Abstract
Tyrosinemia happens at whatever point both parents carry a latent gene characteristic for the condition. Both parents regularly have no signs or side effects of tyrosinemia which happens at whatever point their future generations inherits one duplicate of the mutated gene from each one parent. Type III tyrosinemia is a very rare disorder with only a couple of cases ever reported. Type III tyrosinemia is brought about by an insufficiency of the 4-hydroxyphenylpyruvate dioxygenase enzyme. The protein is important to break down tyrosine. Type III tyrosinemia causes intellectual disability, seizures, periodic loss of balance and coordination. Changes in the FAH, HPD, and TAT genes cause tyrosinemia. In the liver, proteins break down tyrosine in a five-stage process into safe particles that are either discharged by the kidneys or utilized in chemical reactions that generate energy. Mutations in the FAH, HPD, or TAT gene cause a lack of one of the proteins in this multistep process. The resultant chemical lack prompts a poisonous aggregation of tyrosine and its byproducts, which can harm the liver, kidneys, sensory system, and different organs and tissues
Tyrosinemia Type III
1. Introduction
Type III tyrosinemia is a rare disorder. There have just been a couple of cases of this disease ever reported. Type III tyrosinemia is caused by an insufficiency of the 4-hydroxyphenylpyruvate dioxygenase enzyme. The enzyme is important to break down tyrosine. Type III tyrosinemia causes intellectual disability, seizures, periodic loss of banlance and coordination. (Endo F, Kitano A, Uehara,1983) Tyrosinemia is a hereditary disease described by elevated blood levels of the amino acid tyrosine, a building block of most proteins. Tyrosinemia is brought about by an insufficiency of the 4-hydroxyphenylpyruvate dioxygenase enzyme required for multistep process that breaks down tyrosine. In the event that untreated, tyrosine and its byproducts develop in tissues and organs, which can lead to serious medical problems. (Endo F, Kitano A, Uehara,1983)

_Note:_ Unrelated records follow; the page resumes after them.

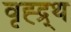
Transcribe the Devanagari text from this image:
वृह्द्र्थ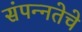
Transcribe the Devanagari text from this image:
संपन्‍नतेचे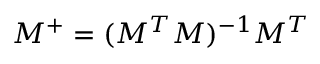
M ^ { + } = ( M ^ { T } M ) ^ { - 1 } M ^ { T }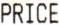
PRICE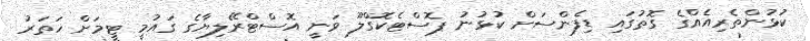
ކުޅުންތެރިއެއްގެ ގޮތުގައި ޑިފެންސަށް ކުޅުނު ޕޮސްޓެކޮގްލޫ ވަނީ އޮސްޓްރޭލިޔާގެ ގައުމީ ޓީމަށް ހަތަރު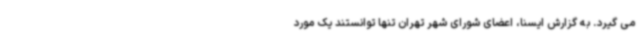
می گیرد. به گزارش ایسنا، اعضای شورای شهر تهران تنها توانستند یک مورد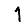
Digit: 1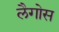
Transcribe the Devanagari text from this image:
लैगोस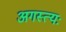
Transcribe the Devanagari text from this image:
अगस्त्यः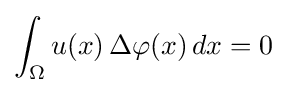
\int _{\Omega }u(x)\,\Delta \varphi (x)\,dx=0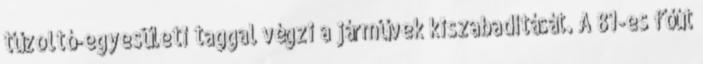
tűzoltó-egyesületi taggal végzi a járművek kiszabadítását. A 81-es főút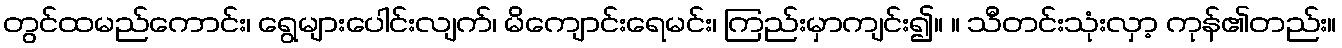
တွင်ထမည်ကောင်း၊ ရွေများပေါင်းလျက်၊ မိကျောင်းရေမင်း၊ ကြည်းမှာကျင်း၍။ ။ သီတင်းသုံးလှာ့ ကုန်၏တည်း။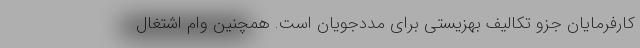
کارفرمایان جزو تکالیف بهزیستی برای مددجویان است. همچنین وام اشتغال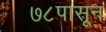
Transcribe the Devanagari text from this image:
७८पासून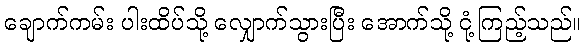
ချောက်ကမ်း ပါးထိပ်သို့ လျှောက်သွားပြီး အောက်သို့ ငုံ့ကြည့်သည်။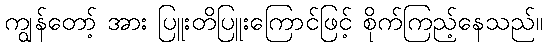
ကျွန်တော့် အား ပြူးတိပြူးကြောင်ဖြင့် စိုက်ကြည့်နေသည်။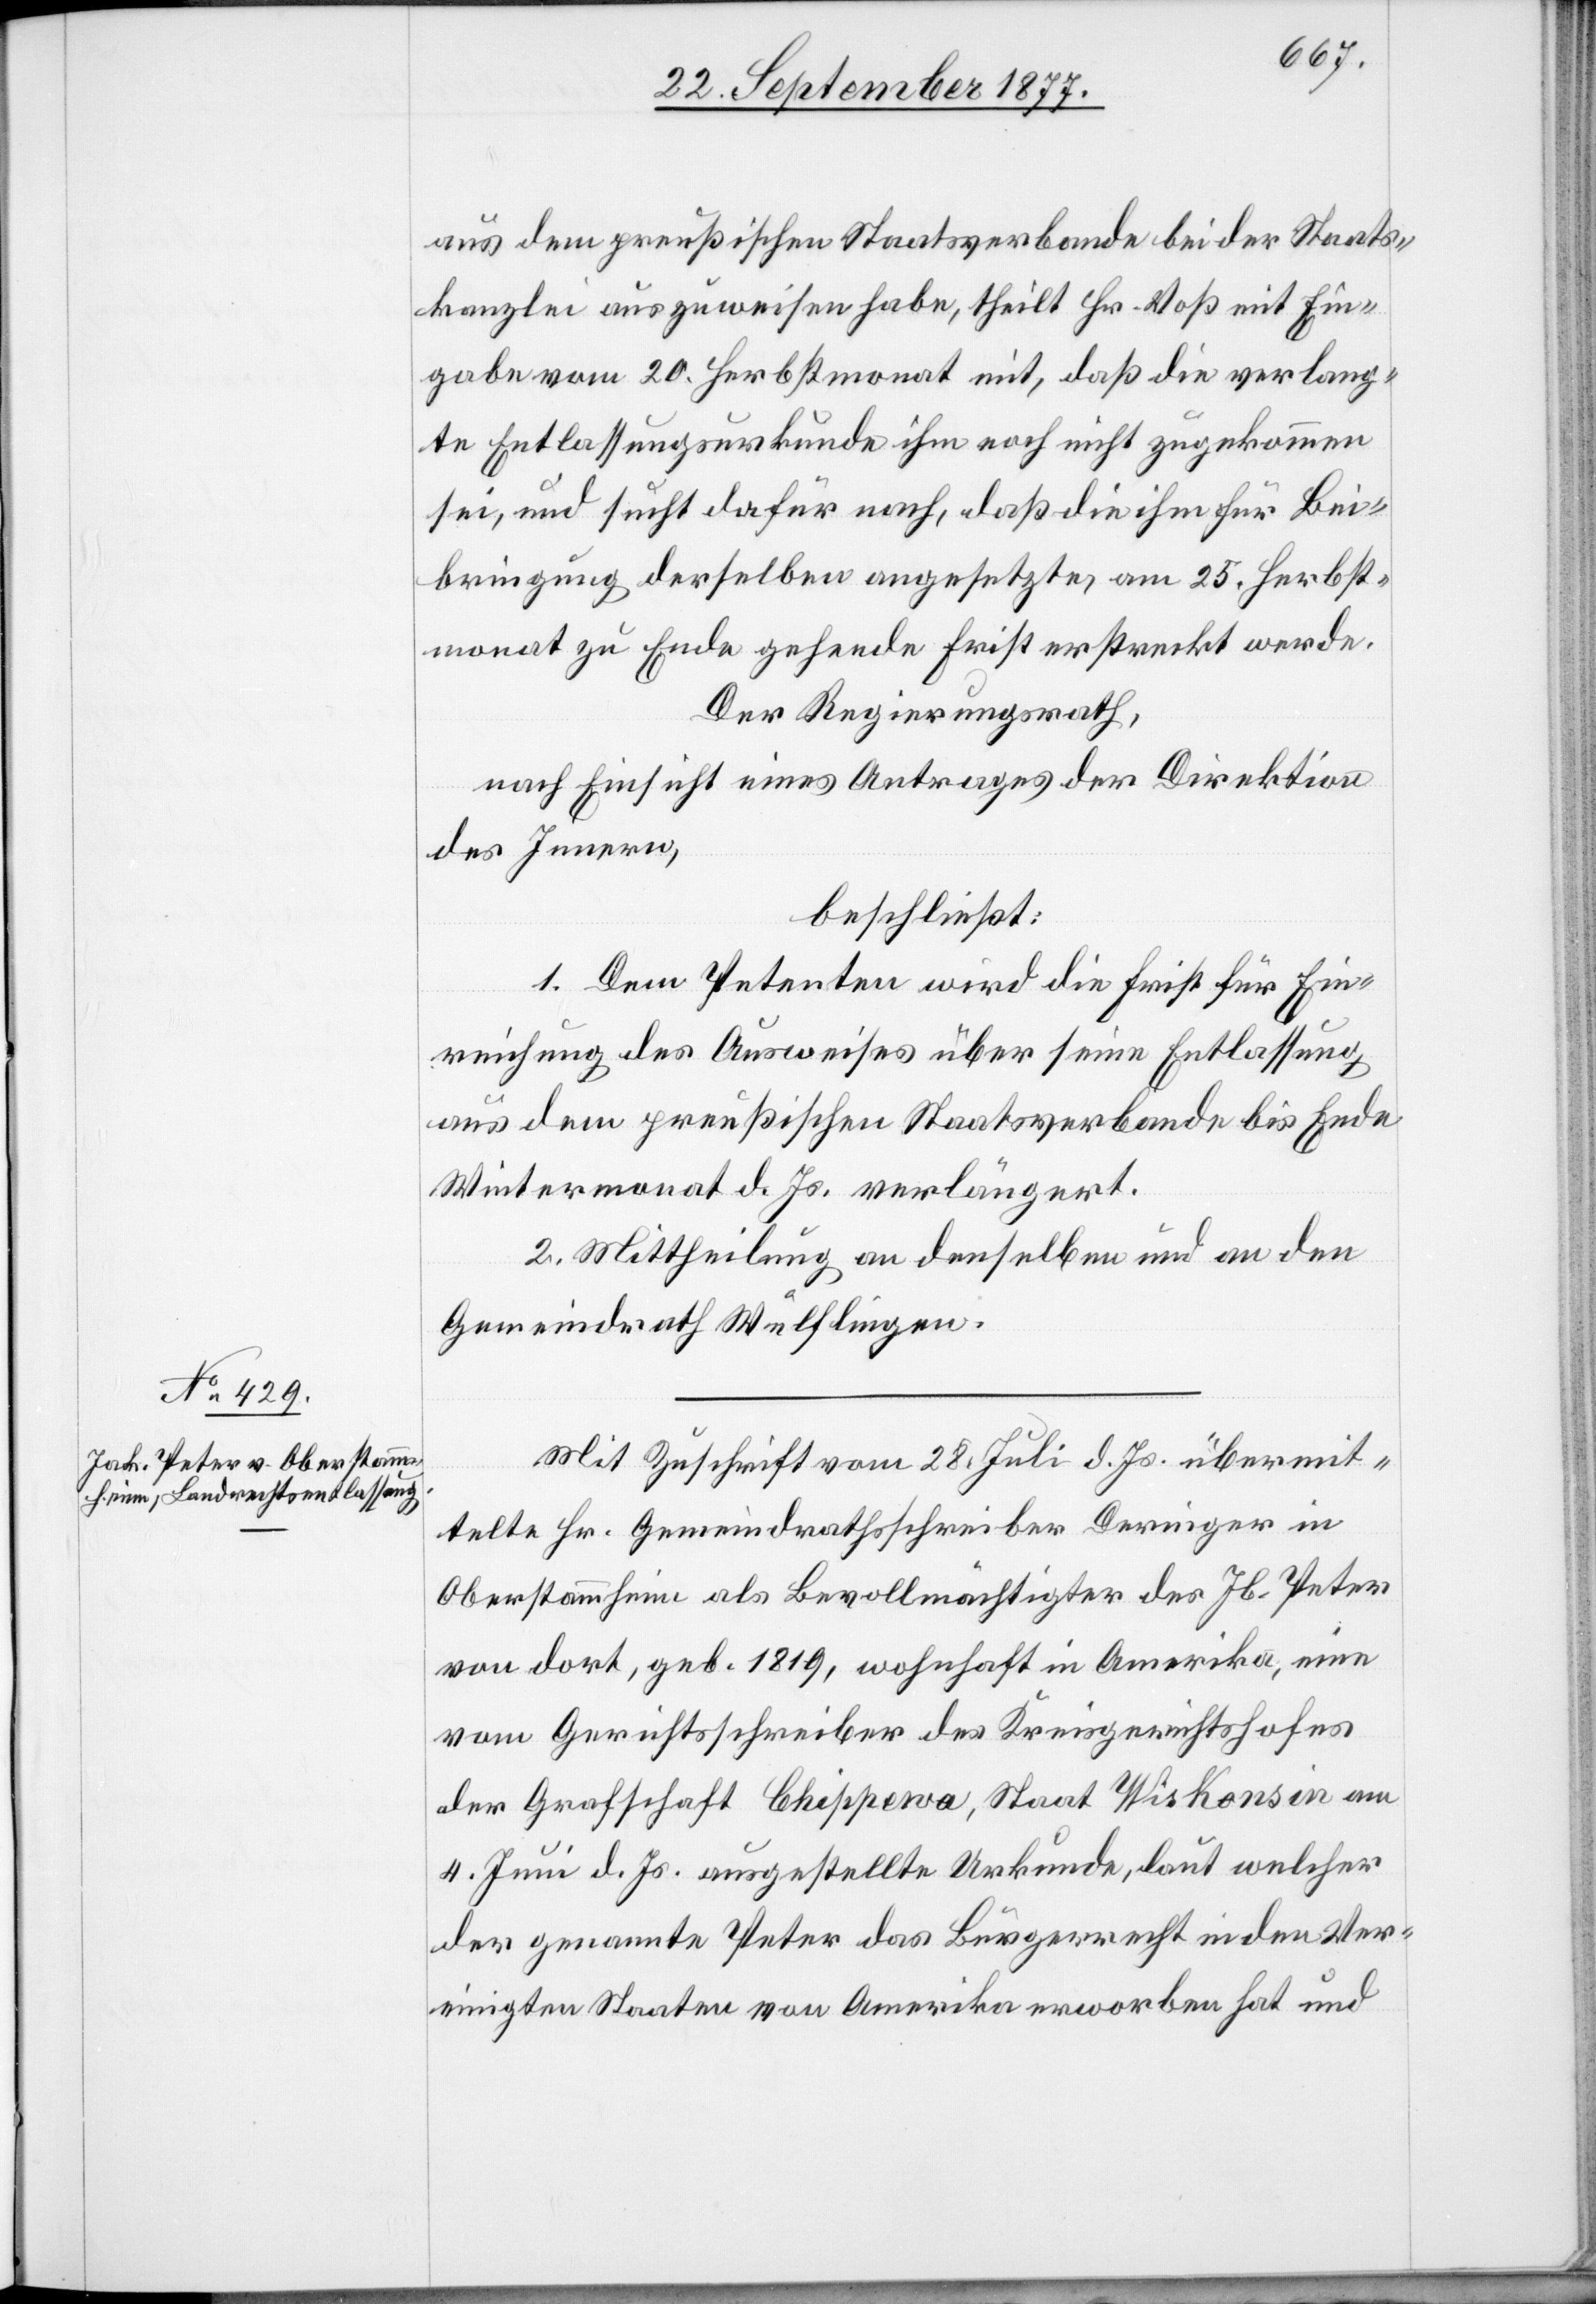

As stated by NORD, the National Organization for Rare Disorders, there are in the range of 6,000 distinguished extraordinary medicinal conditions. Around them is a dark sickness called tyrosinemia. This uncommon metabolic disease keeps the body from viably breaking down the amino acid tyrosine, a building block of many proteins. As stated by the U.S. National Library of Medicine, tyrosinemia is brought about by a lack of one of the proteins required to break down tyrosine. At the point when left untreated, tyrosinemia brings about tyrosine and its results developing in the body tissues and organs prompting many medical issues.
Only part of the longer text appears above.